Returning from that evening’s pizza run, Jake found his partner hunched over the recorder with one hand pressed to his earphones and a rapt expression on his face. He slid the pizza onto the narrow countertop and said, “What’s goin’ on?”
Birdie pushed back his chair and peeled off his earphones. “You gotta hear this.” He reached over to switch on the speaker.
“…sure that thing’s waterproof?”
Soft laughter…
“I sure hope so. Not that 1 intend to get in that deep. Ummm…this is far enough. Oooh, that feels good.”
“Yeah? Move over, baby… Oops-here’s your wine, complete with straw. Got it? Aaah, man. ”
“What the hell’s that swishing noise?” Jake asked. His skin was crawling and his heart rate had quickened to a brisk walk. “Where in the hell are they-the shower?”
Grinning in admiration, Birdie shook his head. “She bugged the Jacuzzi-you believe that? Nervy little rascal, isn’t she?”
“That’s one word,” Jake muttered.
“…wish you didn’t have to wear this thing.”
“Mmm…me, too.”
“Or this. What’re you wearing this for? Hey, come on, it’s just you and me, babe…”
“Sonny…” The voice carried an undercurrent of distress.
Jake realized he was making a growling sound low in his throat when his partner turned to give him a startled look. He muttered, “Bastard…” under his breath and shrugged off the look, but there wasn’t any way he could shrug off the images that were fogging up his mind: Purple shadows swirled with golden steam… a tropical soup of flowers and humidity and sweat permeated with the music of water in all its variations-a minute and subtle symphony. And Eve, languid and supine, her long, lush body rocking gently in the water’s undulations, a sheen of moisture on her cheeks and lips and brow…breasts just visible, firm and round beneath a frothy lace of bubbles…and Sonny’s hands-
“What the hell’s that noise?” Birdie asked.
“How should I know?” said Jake. “Shut up so I can listen.” But he made a mental note to stop grinding his teeth.
“…enough I’m not allowed to touch, now I can’t even look?”
“Sonny…it’s not like we’ve got any privacy.
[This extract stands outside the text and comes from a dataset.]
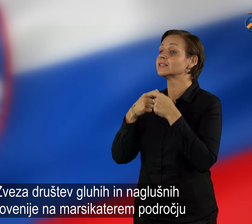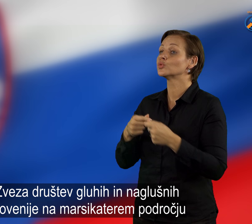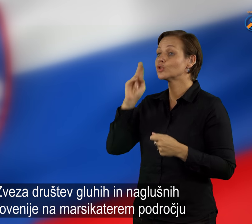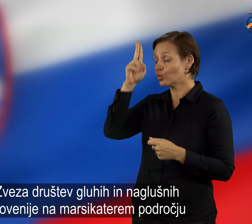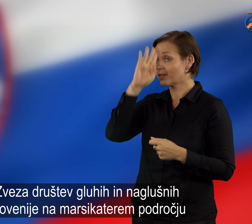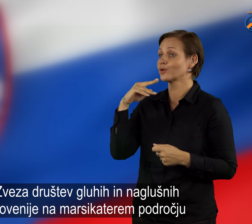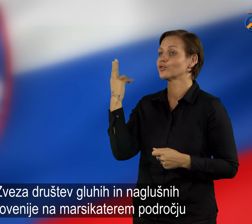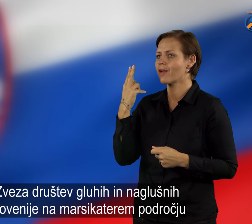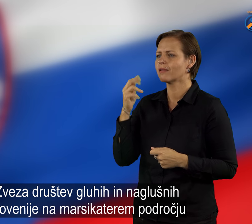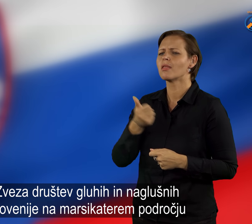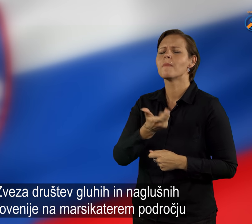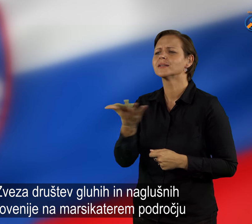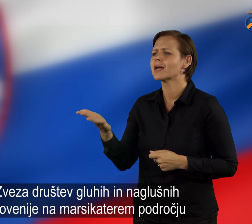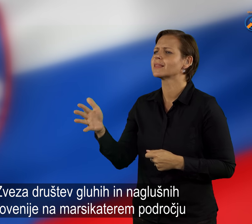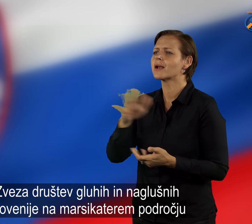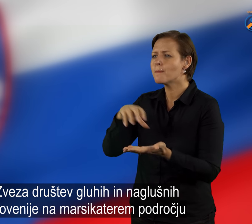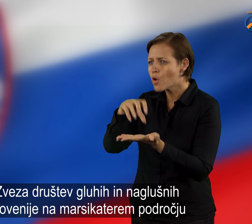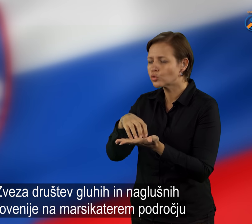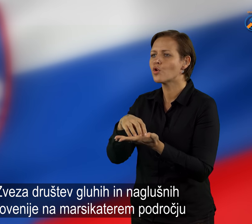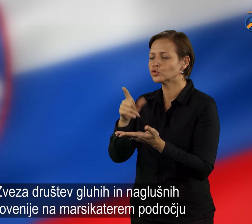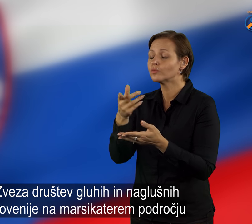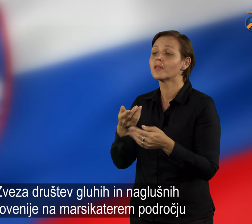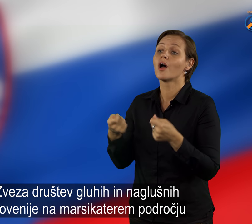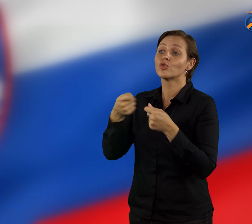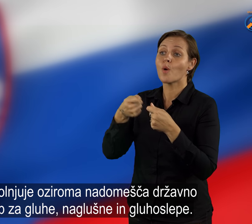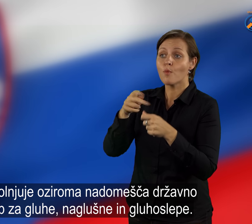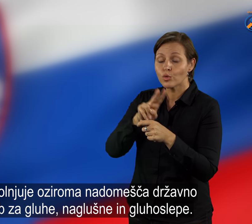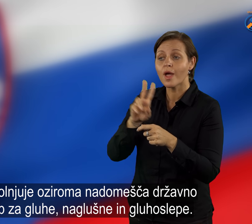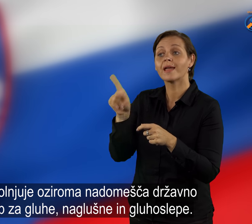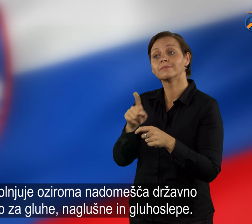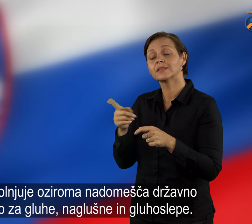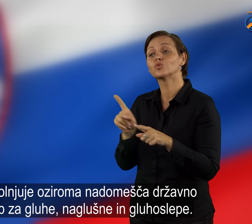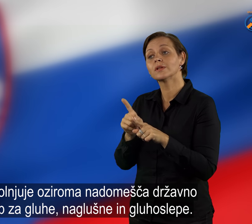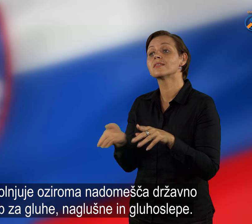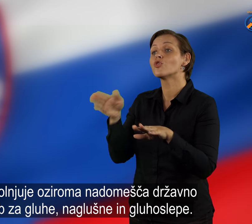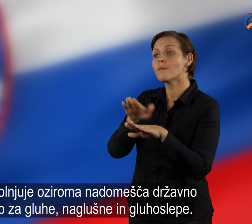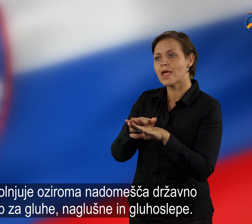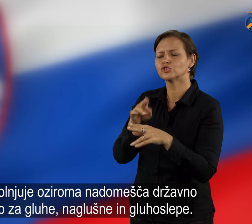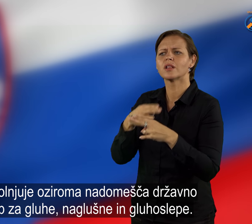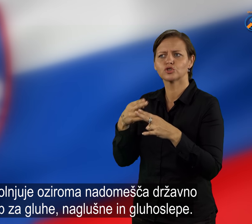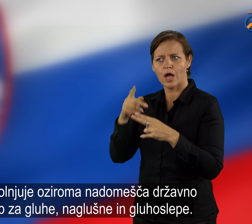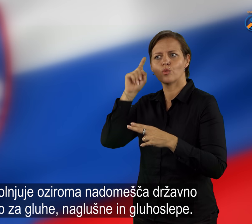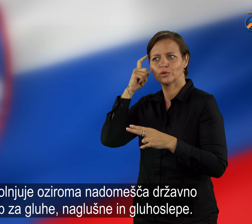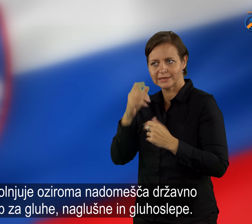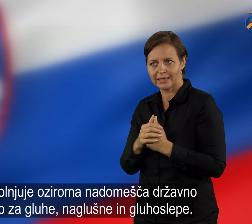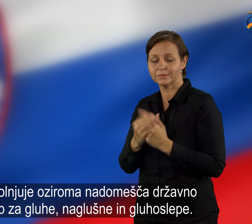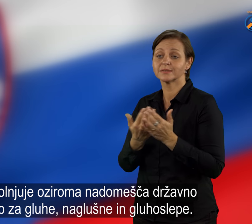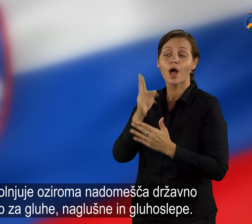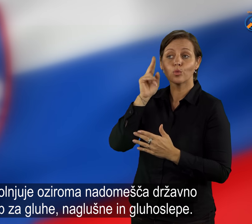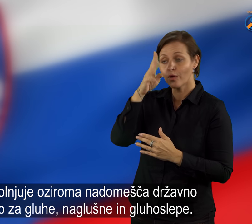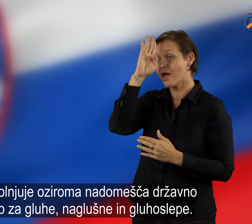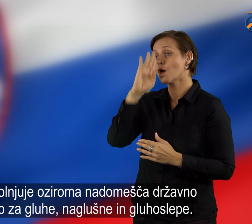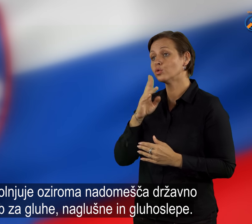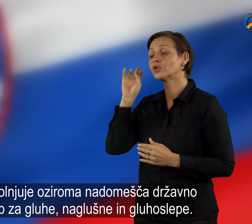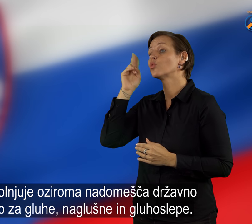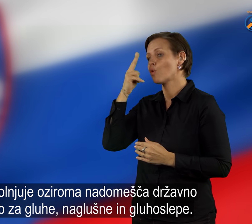Zveza društev gluhih in naglušnih Slovenije na Marsi katerem področju dopolnjuje oziroma nadomešča državno skrb za
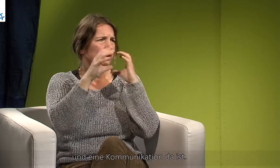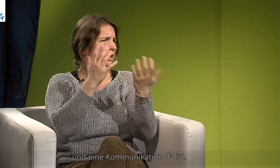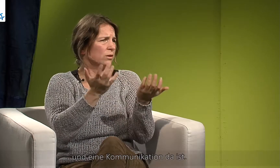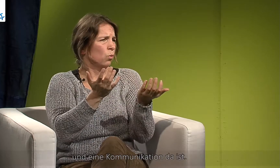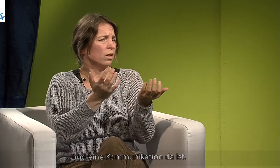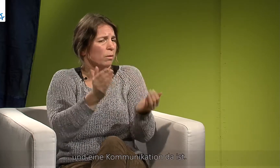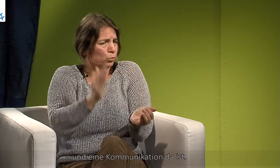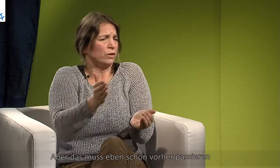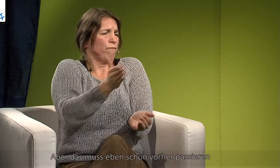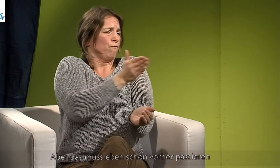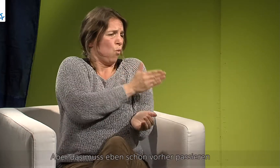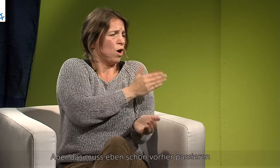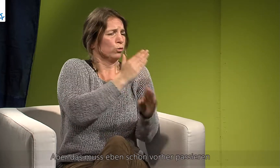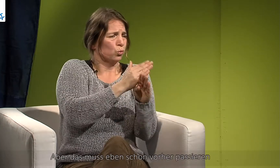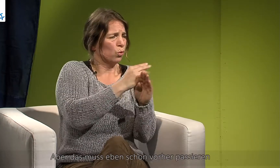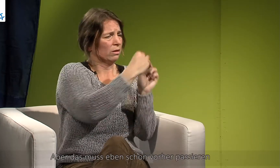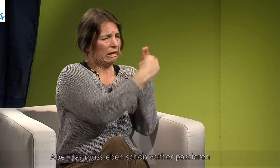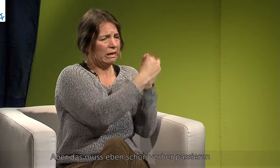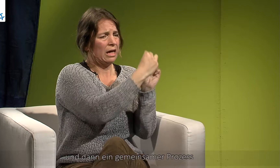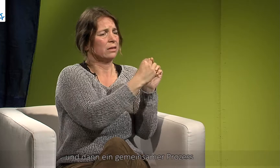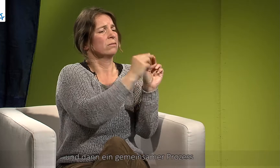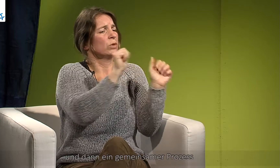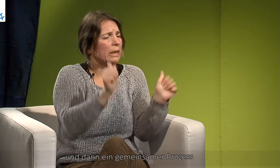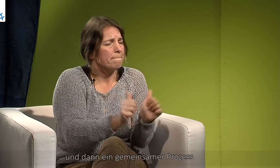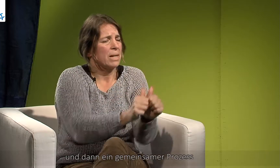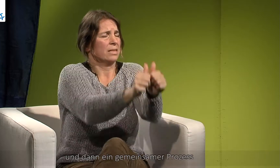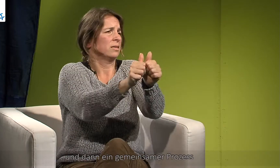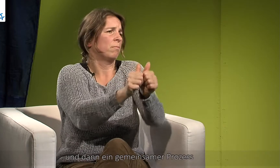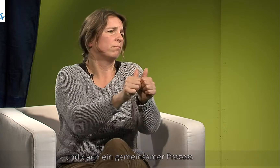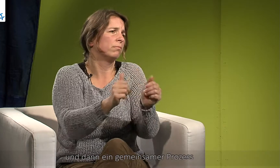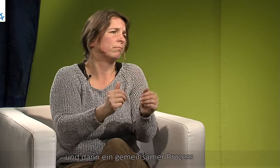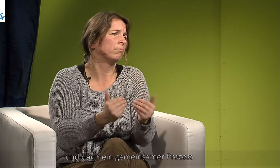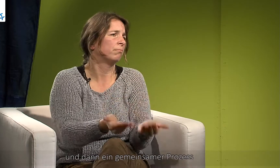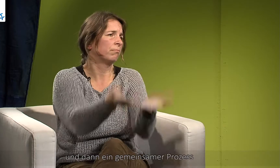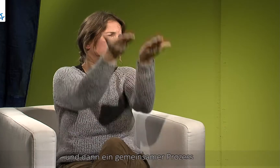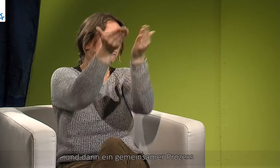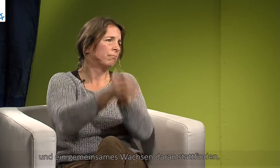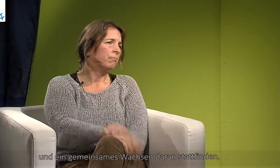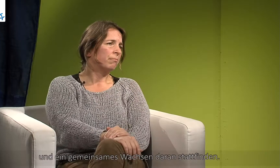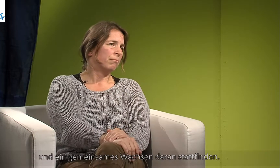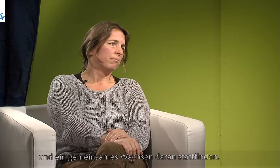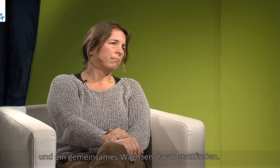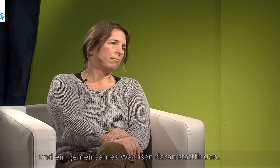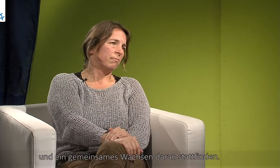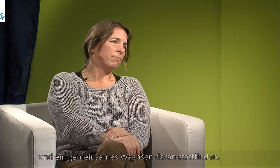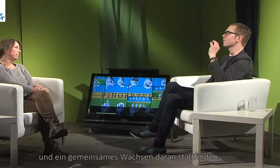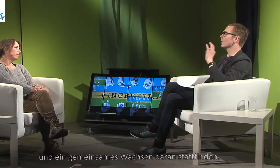ist. Aber das muss eben schon vorher passieren und dann ein gemeinsamer Prozess und ein gemeinsames Wachsen daran stattfinden.

Not with Sergei and Ricky popping in all the time.” And she was laughing, a sound almost indistinguishable from the gurgle of the water.
“Aagh…I know, baby. I’m sorry about that. I’m not crazy about it, either, but you gotta understand, this isn’t like at home in Vegas. Security’s not in place yet. What, they bothering you? They get on your nerves, tell ‘em take a hike, okay? Yeah…just want you to be happy, babe, you know that. ”
“I know, Sonny… I want us both to be happy. ”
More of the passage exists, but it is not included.